__WHAT NEEDS TO BE DONE__. Print only the closing part of the entries. It starts at the line containing "FILE_NAME(/* name */" and includes the final line, exactly as written.

__DATA TO USE__.
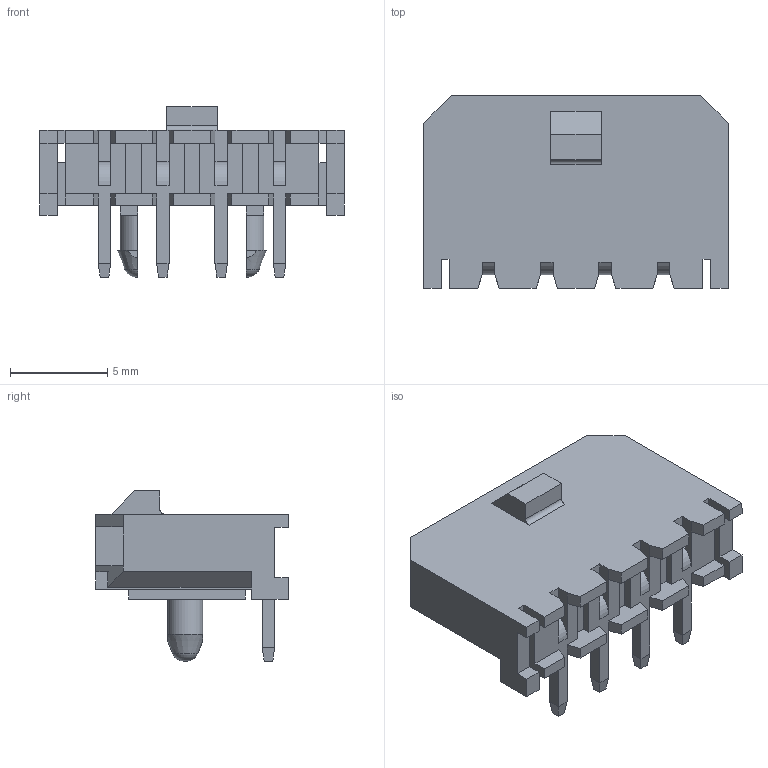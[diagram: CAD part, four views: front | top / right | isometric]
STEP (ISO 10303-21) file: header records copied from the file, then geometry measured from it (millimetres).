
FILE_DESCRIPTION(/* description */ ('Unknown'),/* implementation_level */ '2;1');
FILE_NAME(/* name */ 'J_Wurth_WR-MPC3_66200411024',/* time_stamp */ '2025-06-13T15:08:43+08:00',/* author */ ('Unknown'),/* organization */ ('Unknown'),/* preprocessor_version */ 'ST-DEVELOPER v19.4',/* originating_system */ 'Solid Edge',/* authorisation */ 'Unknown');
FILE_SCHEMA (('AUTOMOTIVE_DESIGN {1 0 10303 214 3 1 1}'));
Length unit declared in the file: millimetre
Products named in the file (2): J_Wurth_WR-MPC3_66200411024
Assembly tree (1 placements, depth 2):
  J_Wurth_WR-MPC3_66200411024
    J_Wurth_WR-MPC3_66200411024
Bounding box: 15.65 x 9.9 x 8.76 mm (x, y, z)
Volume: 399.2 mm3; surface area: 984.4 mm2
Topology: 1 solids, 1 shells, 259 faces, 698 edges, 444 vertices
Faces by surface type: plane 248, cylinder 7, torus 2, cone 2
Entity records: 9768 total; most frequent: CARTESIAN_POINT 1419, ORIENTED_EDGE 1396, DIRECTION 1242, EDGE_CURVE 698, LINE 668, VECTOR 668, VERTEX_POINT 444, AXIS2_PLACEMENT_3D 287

__TASK OUTPUT__.
FILE_NAME(/* name */ 'J_Wurth_WR-MPC3_66200411024',/* time_stamp */ '2025-06-13T15:08:43+08:00',/* author */ ('Unknown'),/* organization */ ('Unknown'),/* preprocessor_version */ 'ST-DEVELOPER v19.4',/* originating_system */ 'Solid Edge',/* authorisation */ 'Unknown');
FILE_SCHEMA (('AUTOMOTIVE_DESIGN {1 0 10303 214 3 1 1}'));
Length unit declared in the file: millimetre
Products named in the file (2): J_Wurth_WR-MPC3_66200411024
Assembly tree (1 placements, depth 2):
  J_Wurth_WR-MPC3_66200411024
    J_Wurth_WR-MPC3_66200411024
Bounding box: 15.65 x 9.9 x 8.76 mm (x, y, z)
Volume: 399.2 mm3; surface area: 984.4 mm2
Topology: 1 solids, 1 shells, 259 faces, 698 edges, 444 vertices
Faces by surface type: plane 248, cylinder 7, torus 2, cone 2
Entity records: 9768 total; most frequent: CARTESIAN_POINT 1419, ORIENTED_EDGE 1396, DIRECTION 1242, EDGE_CURVE 698, LINE 668, VECTOR 668, VERTEX_POINT 444, AXIS2_PLACEMENT_3D 287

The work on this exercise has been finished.